Thinking and feeling usually appear together, except in children and psychopaths. But thinking and feeling are really quite distinct, although they are often mistaken for one another because they are both conscious and extrasensory. For simplicity let's say that feeling is in the body and thinking is in the mind, although that boundary is notoriously fuzzy. Fear, anxiety, exhilaration, depression, anger, and lust each produce a signature physical sensation that corresponds to a particular cocktail of endocrinal drugs, with which your glands infuse your bloodstream in order to express their view of your situation. Different parts of your body respond to each endocrinal cocktail in characteristic ways. You know these feelings well if you have been paying attention to your life.

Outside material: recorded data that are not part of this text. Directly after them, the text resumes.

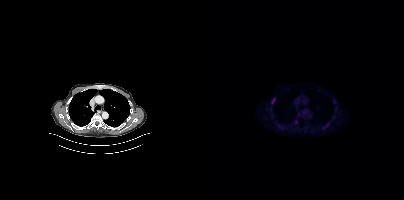
Coordinates are on the 200×200 PET (right) panel. PSMA-avid tumor lesion bounding box (x0,y0,x1,y1): [67,97,71,102].
modality: PSMA PET/CT | tracer: [18F]PSMA-1007 | view: axial | PET grid: 200×200
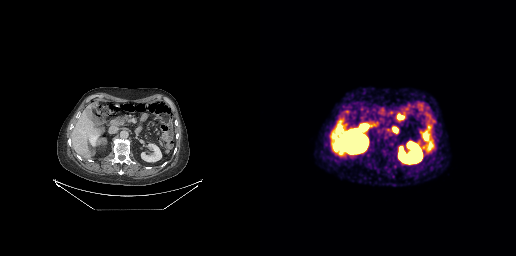
Paired axial CT (left) and PSMA PET (right), [68Ga]Ga-PSMA-11 tracer. Acquired on GE Discovery 690. No PSMA-avid tumor lesions on this slice.
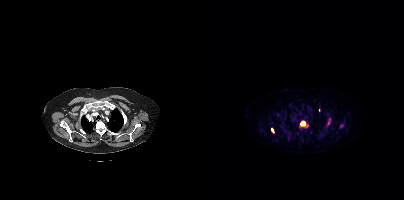
Technique: Paired axial CT (left) and PSMA PET (right), 68Ga-PSMA tracer. acquired on Siemens Biograph mCT Flow 20. PET panel 200×200 px (4.1 mm/px).
Findings: Coordinates are on the 200×200 PET (right) panel. PSMA-avid tumor lesion bounding boxes (x, y, width, height): x=95 y=121 w=10 h=8 | x=123 y=118 w=4 h=9 | x=67 y=128 w=4 h=6. Small PSMA-avid foci (2 to 4 px across) near (center x, center y): (137, 125) | (115, 110).
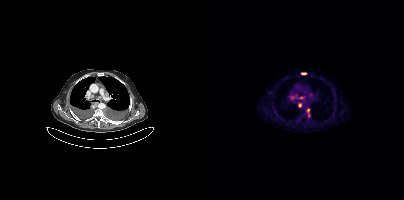
Coordinates are on the 200×200 PET (right) panel. (showing 5 of 6 foci) PSMA-avid tumor lesion bounding box (x0,y0,x1,y1): [97,72,102,74]. Small PSMA-avid foci (2 to 4 px across) near (center x, center y): (96, 104) (104, 110) (88, 97) (97, 97).
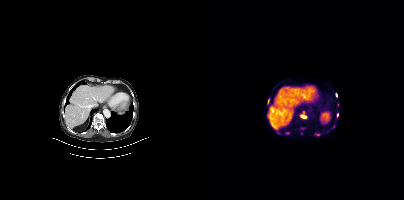
Findings: Coordinates are on the 200×200 PET (right) panel. (showing 10 of 11 foci) PSMA-avid tumor lesion bounding boxes (x, y, width, height): x=96 y=114 w=7 h=5 | x=101 y=84 w=6 h=4 | x=96 y=127 w=6 h=4 | x=111 y=134 w=5 h=2 | x=64 y=99 w=2 h=5. Small PSMA-avid foci (2 to 4 px across) near (center x, center y): (83, 132) | (133, 104) | (133, 114) | (132, 95) | (99, 111).
- Left: CT. Right: PSMA PET, same axial level, 68Ga-PSMA tracer
- slice 219 of 409
- PET panel 200×200 px (4.1 mm/px)
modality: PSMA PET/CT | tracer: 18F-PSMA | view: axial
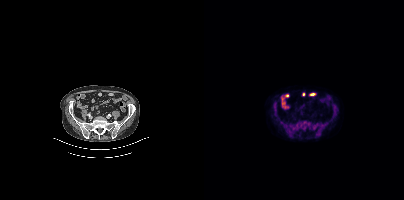
Coordinates are on the 200×200 PET (right) panel. PSMA-avid tumor lesion bounding boxes (x0,y0,x1,y1): [128,104,133,113] [70,106,72,113].
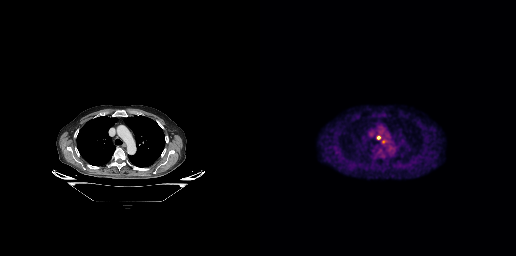
modality: PSMA PET/CT | tracer: [18F]PSMA-1007 | view: axial | PET grid: 256×256
Coordinates are on the 256×256 PET (right) panel. Small PSMA-avid focus (2 to 4 px across) near (center x, center y): (118, 137).
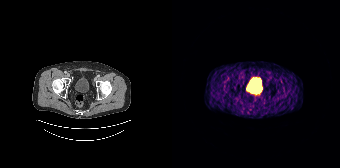
- Left: CT. Right: PSMA PET, same axial level, 68Ga tracer
- slice position z = -1522 mm
- PET panel 168×168 px (4.1 mm/px)
Findings: Negative for PSMA-avid disease on this slice.
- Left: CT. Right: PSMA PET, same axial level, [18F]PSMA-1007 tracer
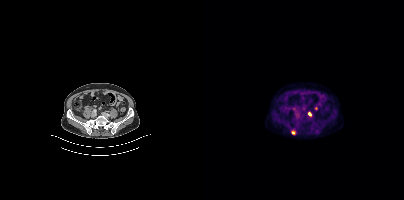
Findings: Coordinates are on the 200×200 PET (right) panel. PSMA-avid tumor lesion bounding box (x0,y0,x1,y1): [87,129,92,134]. Small PSMA-avid focus (2 to 4 px across) near (center x, center y): (105, 113).
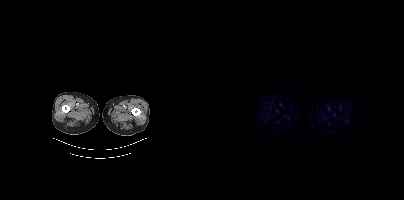
Findings: No tumor lesions annotated on this slice.
- Two-panel axial: CT | PSMA PET, 18F-PSMA tracer
- acquired on Siemens Biograph mCT Flow 20
- slice position z = -1582 mm
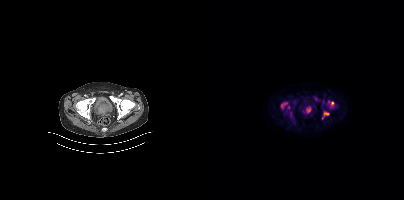
Coordinates are on the 200×200 PET (right) panel. (showing 5 of 8 foci) PSMA-avid tumor lesion bounding boxes (x0,y0,x1,y1): [76,103,82,109] [118,112,125,119] [127,101,129,105]. Small PSMA-avid foci (2 to 4 px across) near (center x, center y): (105, 110) (124, 101).
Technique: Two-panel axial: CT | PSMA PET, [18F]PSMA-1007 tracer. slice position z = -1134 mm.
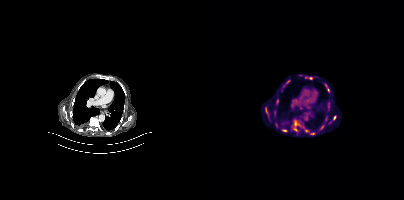
Findings: Coordinates are on the 200×200 PET (right) panel. (showing 6 of 8 foci) PSMA-avid tumor lesion bounding boxes (x, y, width, height): x=88 y=120 w=13 h=12 / x=61 y=107 w=5 h=11 / x=72 y=100 w=3 h=5 / x=70 y=111 w=2 h=5. Small PSMA-avid foci (2 to 4 px across) near (center x, center y): (130, 117) / (80, 130).

It is obvious and certainly true that we sometimes have feelings for reasons, which is to say that we feel the way we do in reaction to events in the world. I am angry because you insulted me, I am anxious about my financial prospects, or I am exhilarated because I have just jumped out of an airplane or had a particularly interesting thought. It is less obvious but certainly true that it also works the other way around. When we recognize a feeling we then try to figure out why we are having it, and we don't always get this right.
Depression and anger illustrate this point clearly. Regardless of the reason that you become depressed on any particular occasion, you will certainly then go on to notice an unlimited variety of other hopeless and gloomy things in your world, each of which will constitute a further valid reason for your increasingly justifiable depression. Regardless of the reason that you become angry on any particular occasion, you will certainly then notice an unlimited variety of other irritating things about your beloved, each of which will constitute a further valid reason for your increasingly justifiable hostility. There is no limit to the cognitive fuel that can be thrown onto an emotional fire and it is sometimes tempting to pile it on.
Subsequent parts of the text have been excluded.